Under the guidance of Professor Le, Dr. Hui Liu and his colleagues studied the effect of chronic hypoxia on the etiology of Alzheimer's disease (AD), and looked at its pathogenesis from an epigenetic perspective. As an important environmental factor, chronic hypoxia can affect the development of AD at all stages of life. In previous research by Professor Le’s team, chronic hypoxia aggravated the formation of senile plaques in the brains of AD mice, and chronic intermittent hypoxia during pregnancy was associated with the impairment of learning and memory in the offspring of AD mice. We have confirmed that it may aggravate the accumulation of age spots.
"In addition, hypoxia can change the histone modification of the NEP promoter, down-regulate the expression of NEP, thereby reducing the degradation of Aβ, thereby allowing hypoxia to regulate gene expression through epigenetic modification.

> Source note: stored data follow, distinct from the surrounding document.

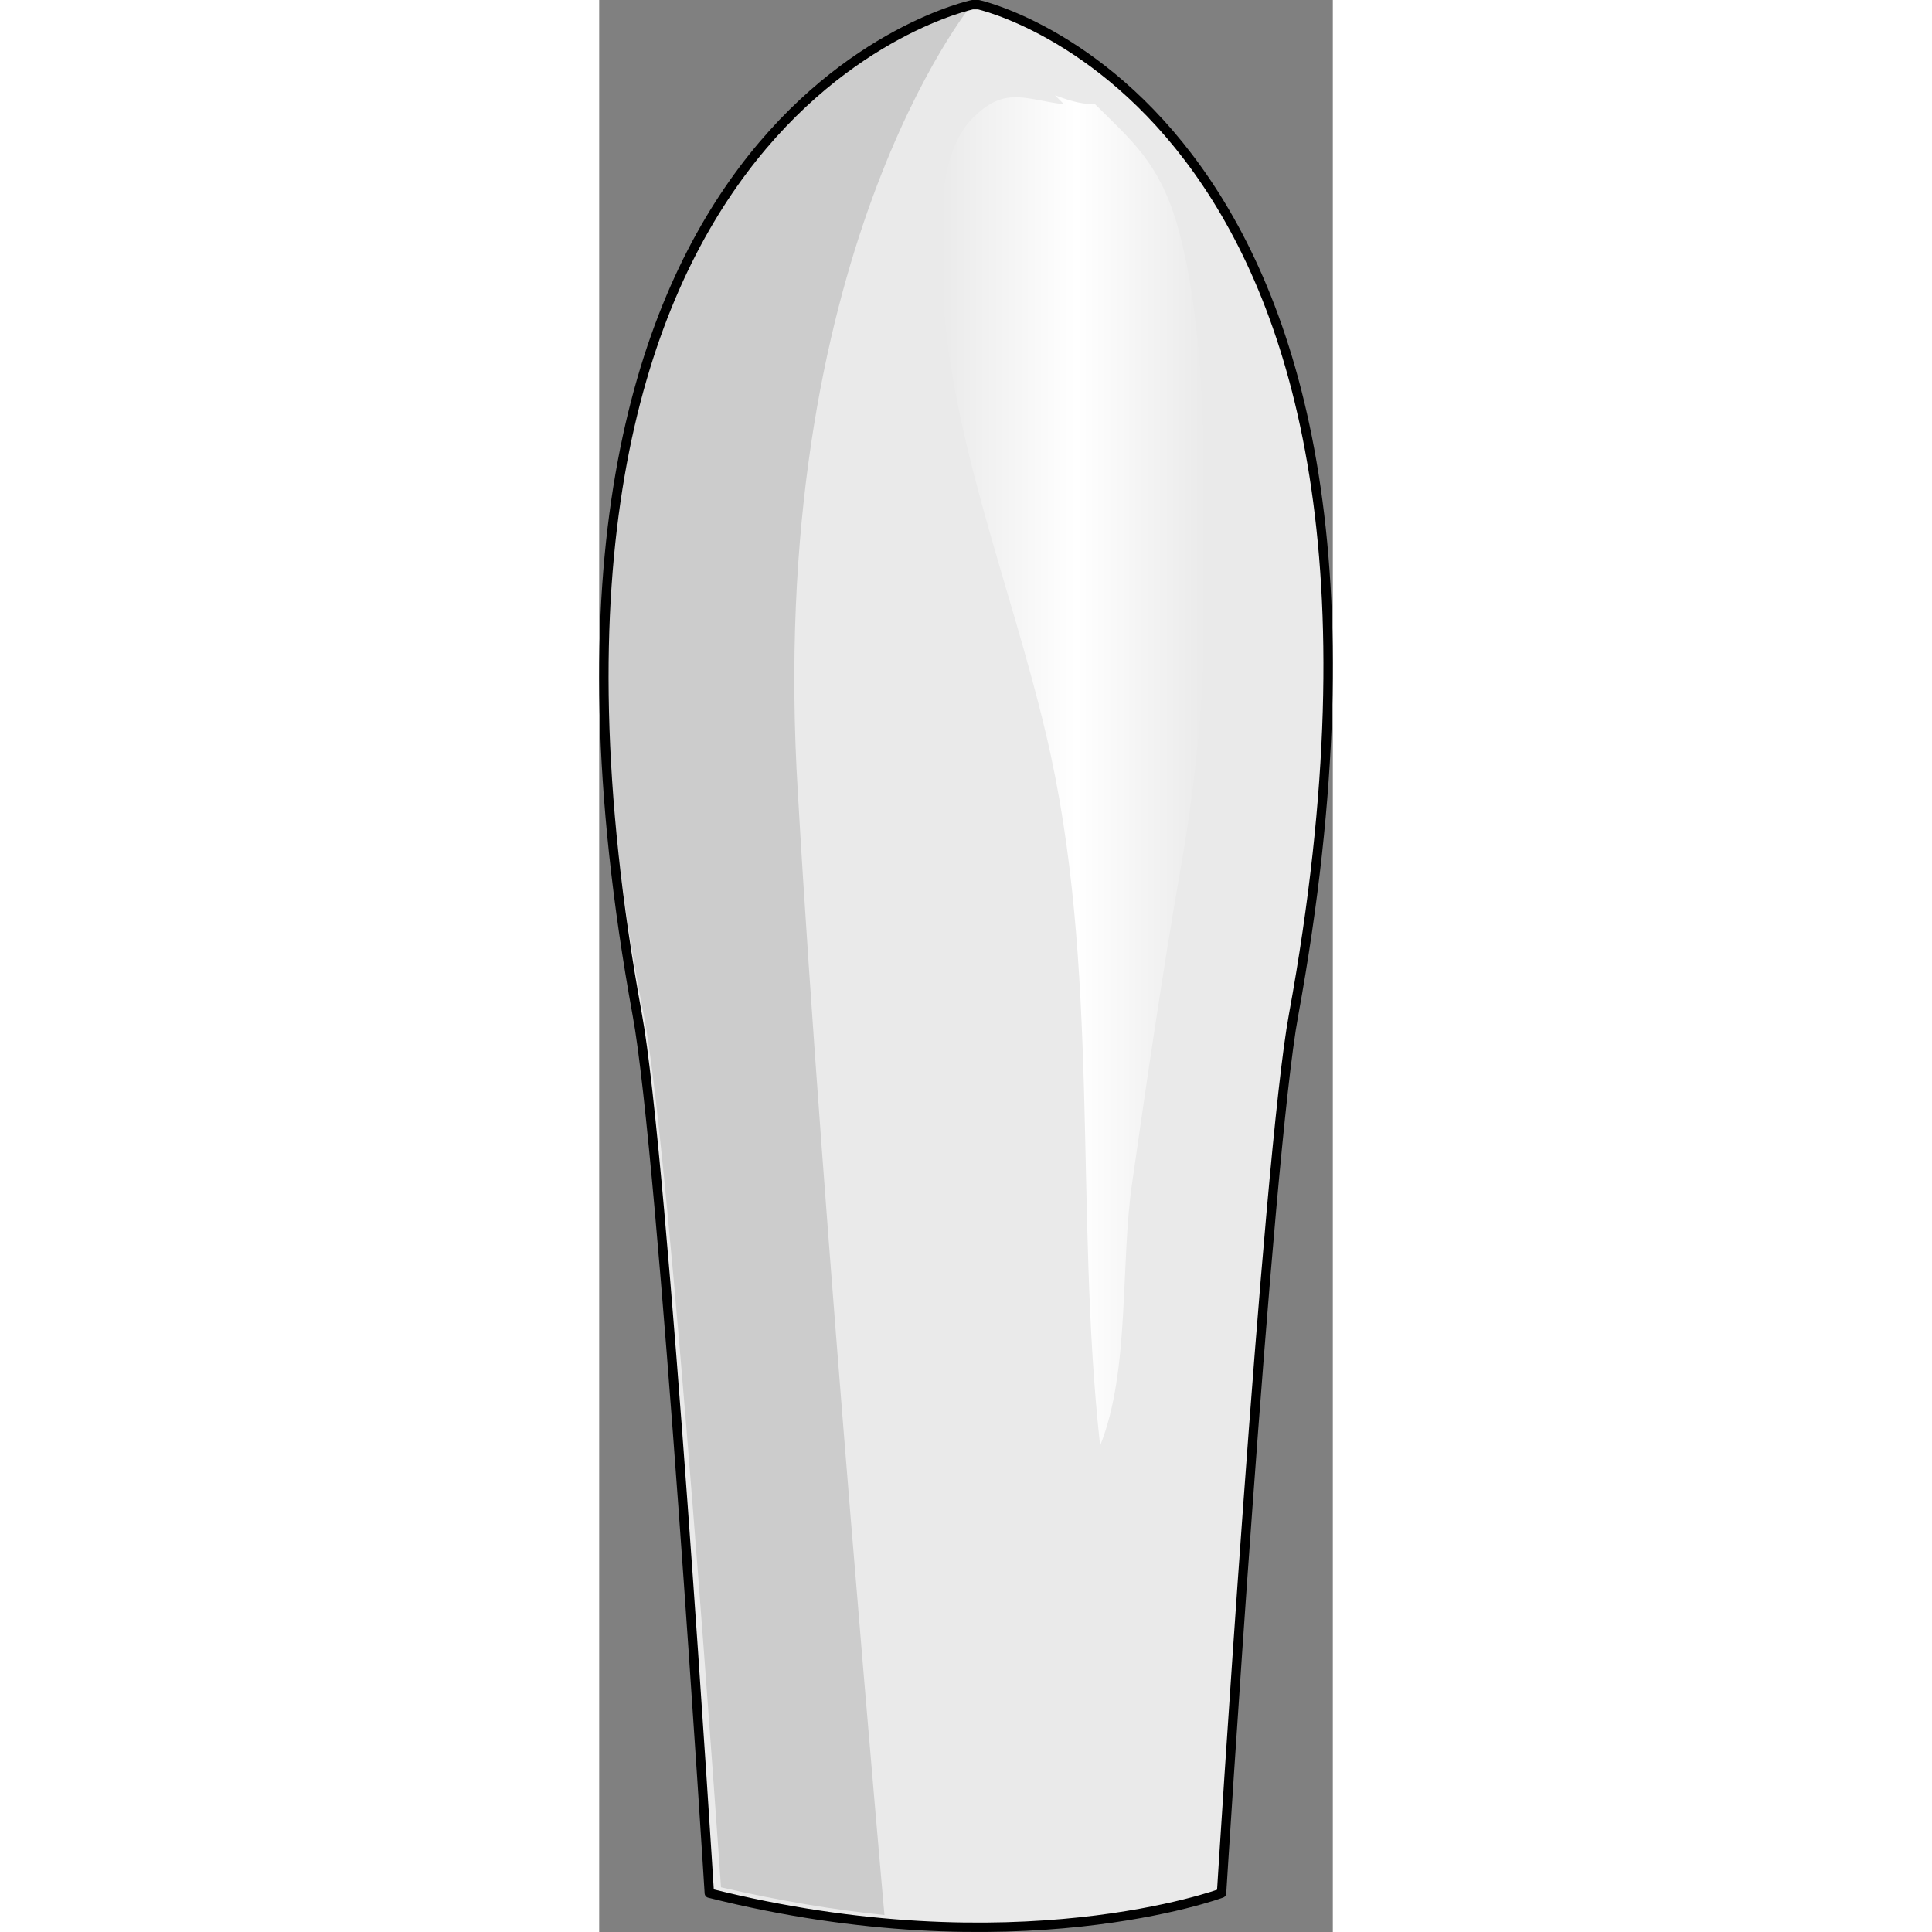 <?xml version="1.0" encoding="utf-8"?>
<!-- Created by: Science Figures, www.sciencefigures.org, Generator: Science Figures Editor -->
<!DOCTYPE svg PUBLIC "-//W3C//DTD SVG 1.1//EN" "http://www.w3.org/Graphics/SVG/1.1/DTD/svg11.dtd">
<svg version="1.1" id="Layer_1" xmlns="http://www.w3.org/2000/svg" xmlns:xlink="http://www.w3.org/1999/xlink" 
	 width="800px" height="800px" viewBox="0 0 78.207 205.95" enable-background="new 0 0 78.207 205.95" xml:space="preserve">
<rect x="0" y="0" width="78.207" height="205.95" fill="#808080" stroke="none"/>
<g>
	<path fill-rule="evenodd" clip-rule="evenodd" fill="#EAEAEA" d="M12.047,201.744c0,0-4.905-78.62-7.679-93.62
		C-13.229,11.736,40.096,0.459,40.096,0.459c0.641,0,0.641,0,0.641,0s51.192,11.277,33.595,107.665
		c-2.772,15-7.785,93.62-7.785,93.62S44.682,210.043,12.047,201.744L12.047,201.744z"/>
	<path fill-rule="evenodd" clip-rule="evenodd" fill="#CCCCCC" d="M30.41,204.142c-5.353-0.548-11.276-1.534-17.425-2.958
		c0,0-5.354-78.011-8.2-92.803C-14.006,12.73,39.749,0.459,39.749,0.459S17.654,27.301,21.185,84.604
		C23.804,130.074,30.41,204.142,30.41,204.142L30.41,204.142z"/>
	<linearGradient id="SVGID_1_" gradientUnits="userSpaceOnUse" x1="36.41" y1="82.126" x2="64.759" y2="82.126">
		<stop  offset="0" style="stop-color:#FFFFFF;stop-opacity:0"/>
		<stop  offset="0.511" style="stop-color:#FFFFFF"/>
		<stop  offset="1" style="stop-color:#FFFFFF;stop-opacity:0"/>
	</linearGradient>
	<path fill-rule="evenodd" clip-rule="evenodd" fill="url(#SVGID_1_)" d="M49.554,11.115c-3.851-0.426-6.098-1.915-9.306,1.063
		c-4.172,3.617-3.958,11.809-3.744,16.809c0.535,17.021,7.273,32.873,11.124,49.256c5.883,24.788,2.995,50.746,5.775,75.853
		c3.209-7.979,2.14-19.469,3.424-28.086c1.604-11.17,3.208-22.233,5.134-33.298c2.566-14.256,3.209-29.574,2.566-44.15
		c-0.32-8.084-0.749-17.233-2.994-24.894c-1.926-6.383-4.813-8.724-8.664-12.553c-1.712,0-3.102-0.532-4.278-0.958"/>
	<path fill="none" stroke="#000000" stroke-linecap="round" stroke-linejoin="round" stroke-miterlimit="10" d="M11.741,201.809
		c0,0-4.906-78.735-7.679-93.631C-13.536,11.672,39.79,0.5,39.79,0.5c0.641,0,0.641,0,0.641,0s51.191,11.172,33.595,107.678
		c-2.773,14.896-7.68,93.631-7.68,93.631S44.375,210.002,11.741,201.809L11.741,201.809z"/>
</g>
</svg>

Suggest. Based on the above findings, in this study, the authors studied the effects of chronic hypoxia on the behavior of APPSwe/PS1dE9 transgenic mice and the development of AD-related neuropathology and DNA methylation. Study the mechanism of possible effects from the perspective of modification. Compared with mice without chronic hypoxia, they showed decreased spatial learning and memory in chronic hypoxic mice, increased senile plaque formation, increased Aβ production, and AD-related neuropathology (including tau). Increased protein phosphorylation and decreased synaptic vesicles indicate a worsening of the phenotype; epigenetic analysis shows that chronic hypoxia can reduce the expression of DNA methyltransferase 3b (DNMT3b) in the brain of mice. This reduces the level of genomic DNA methylation and down-regulates the methylation level of the promoter regions of genes related to gamma-cutting enzyme components (PS1, PEN2, NCT, etc.), thereby down-regulating the protein levels of these genes . Further affect expression. Through epigenetic intervention, up-regulation of DNMT3b can reverse these changes.

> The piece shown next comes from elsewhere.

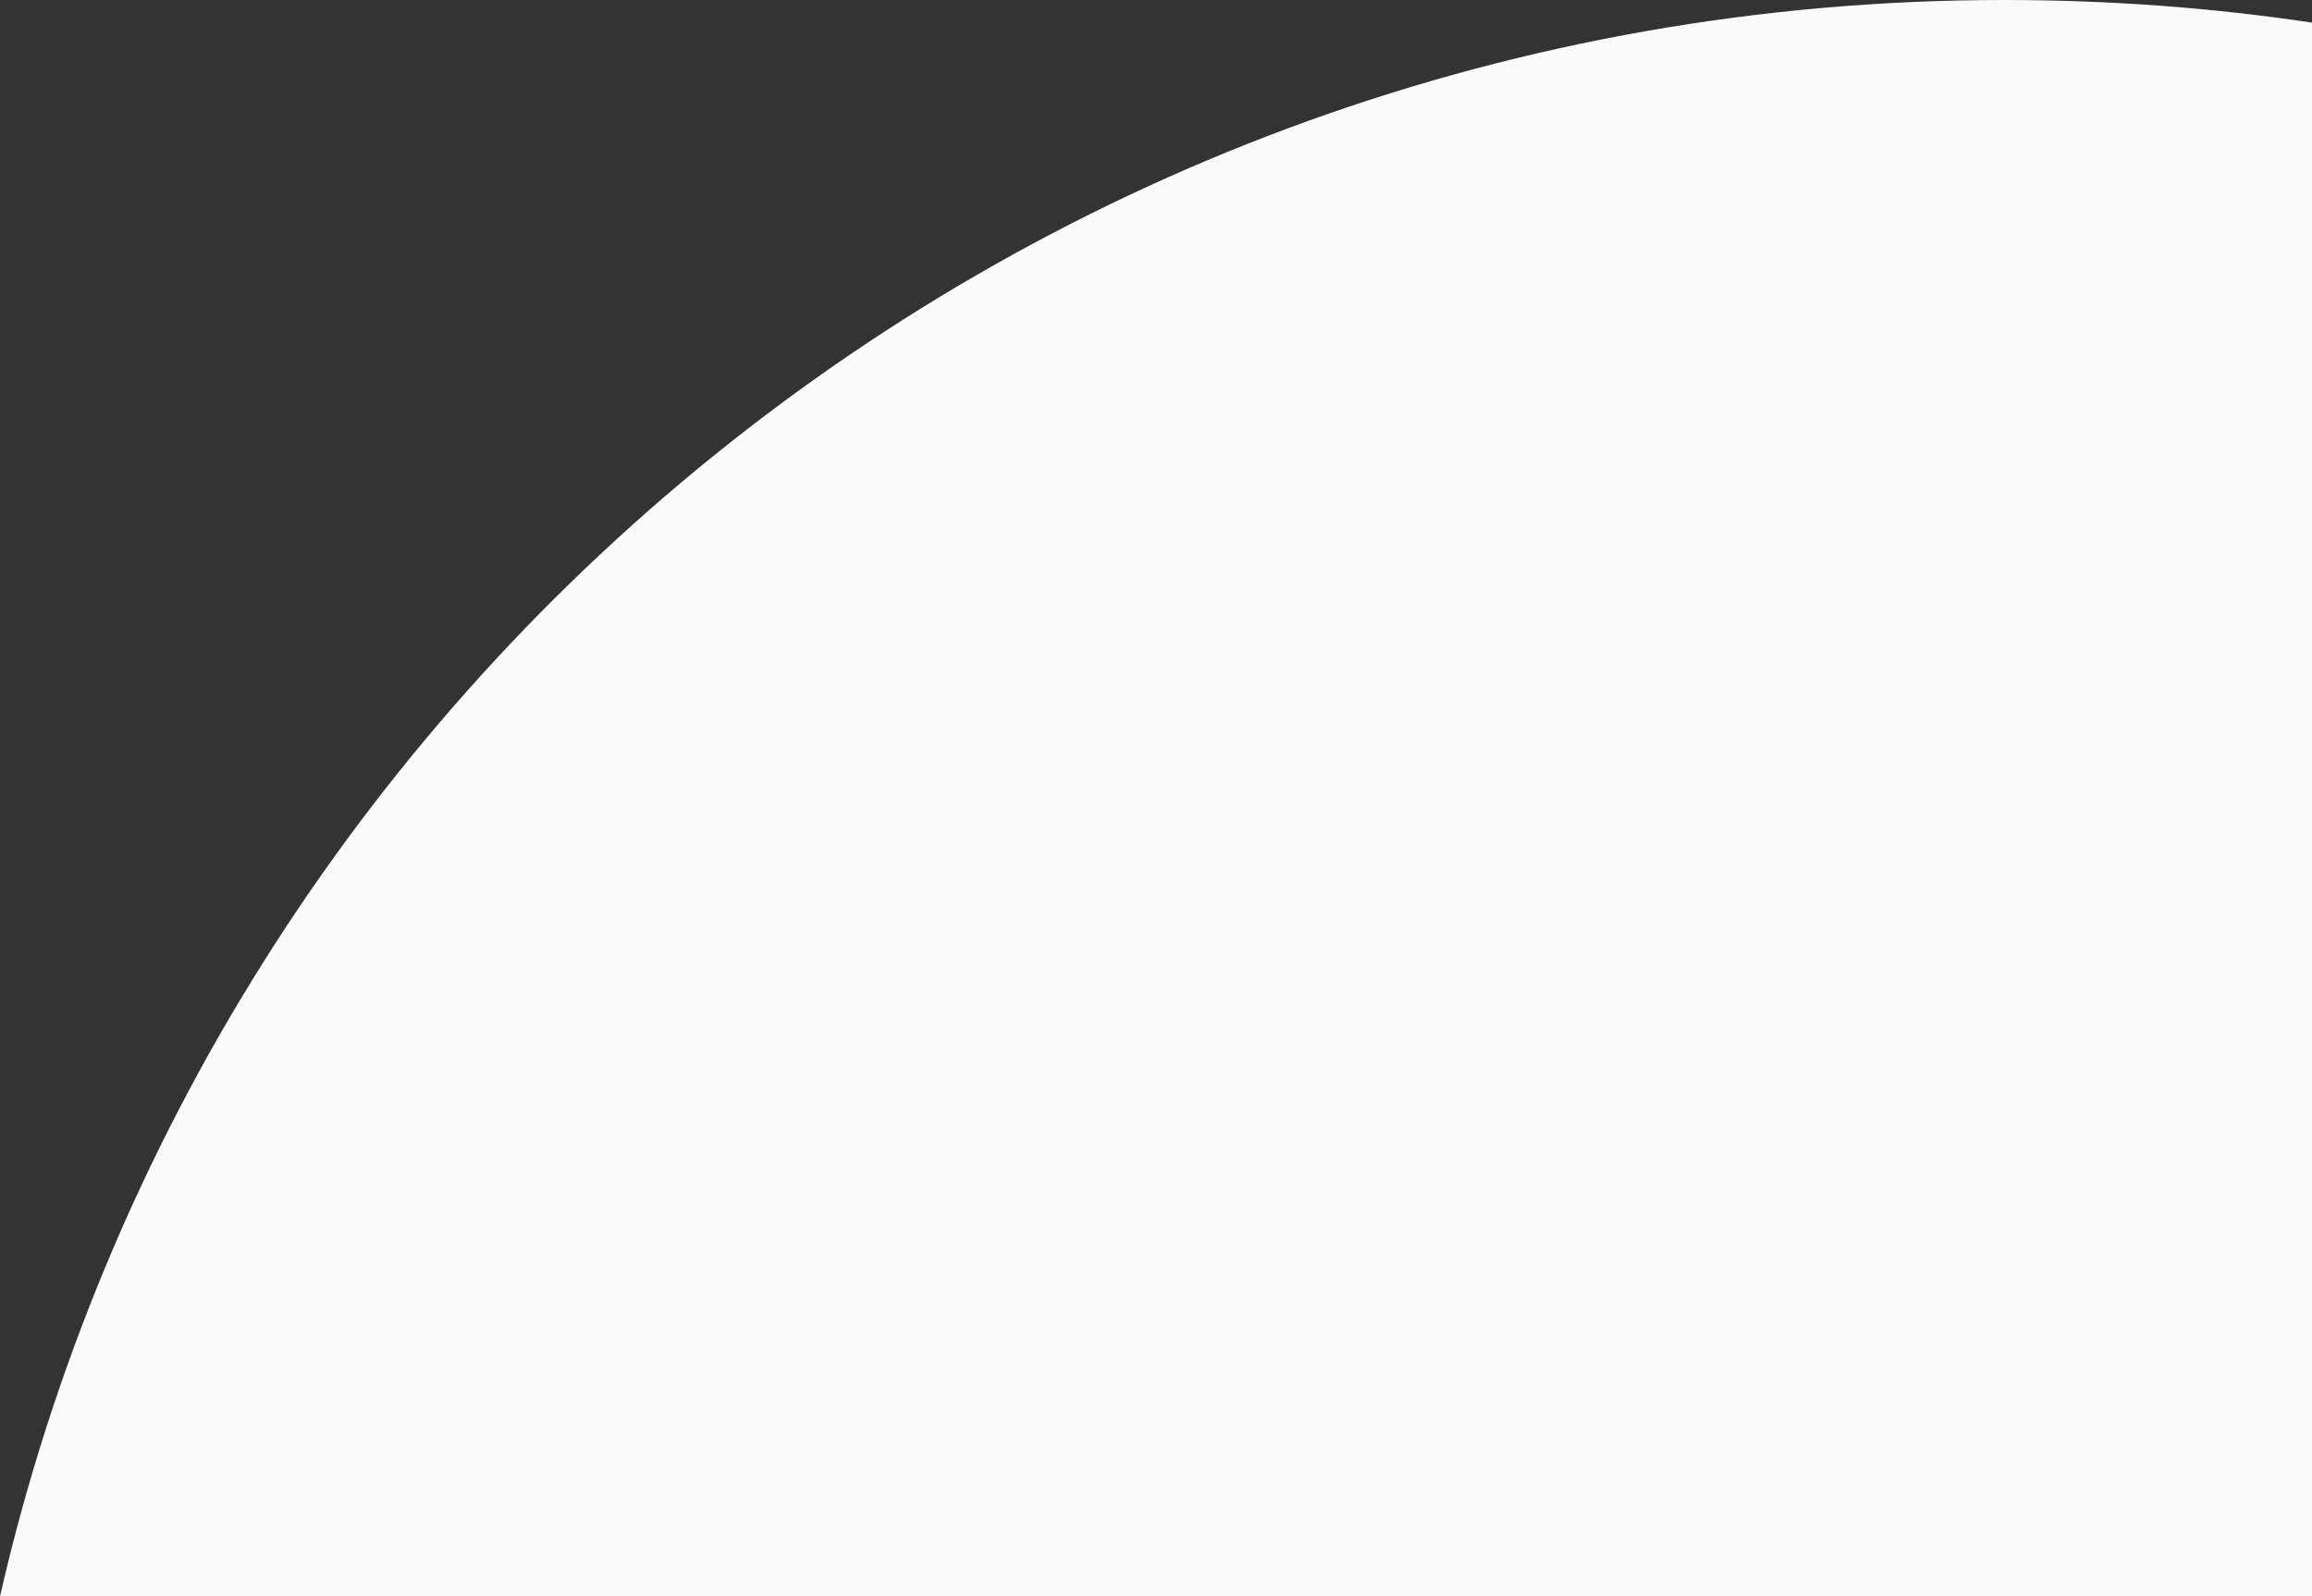 <?xml version="1.0" encoding="UTF-8"?> <svg xmlns="http://www.w3.org/2000/svg" xmlns:xlink="http://www.w3.org/1999/xlink" version="1.1" id="Слой_1" x="0px" y="0px" viewBox="0 0 183.9 127" style="enable-background:new 0 0 183.9 127;" xml:space="preserve"><rect x="0" y="0" width="183.9" height="127" fill="#333333" stroke="none"/> <style type="text/css"> .st0{fill-rule:evenodd;clip-rule:evenodd;fill:#FAFAFB;} </style> <path class="st0" d="M183.9,127V1.8c-8-1.2-16.2-1.8-24.5-1.8C81.7,0,16.6,54.3,0,127H183.9z"></path> </svg>

These findings indicate that chronic hypoxia may aggravate AD by down-regulating DNMT3b. The results of the study indicate that chronic hypoxia is a risk factor for AD, further elucidating the molecular mechanism of DNA methylation modification. The results not only support the belief that environmental factors can stimulate and aggravate AD, but also provide new ideas for the treatment of AD and provide a basis for early prevention of AD. In the future, adjusting the metamorphosis of the organism may provide a new breakthrough for AD treatment.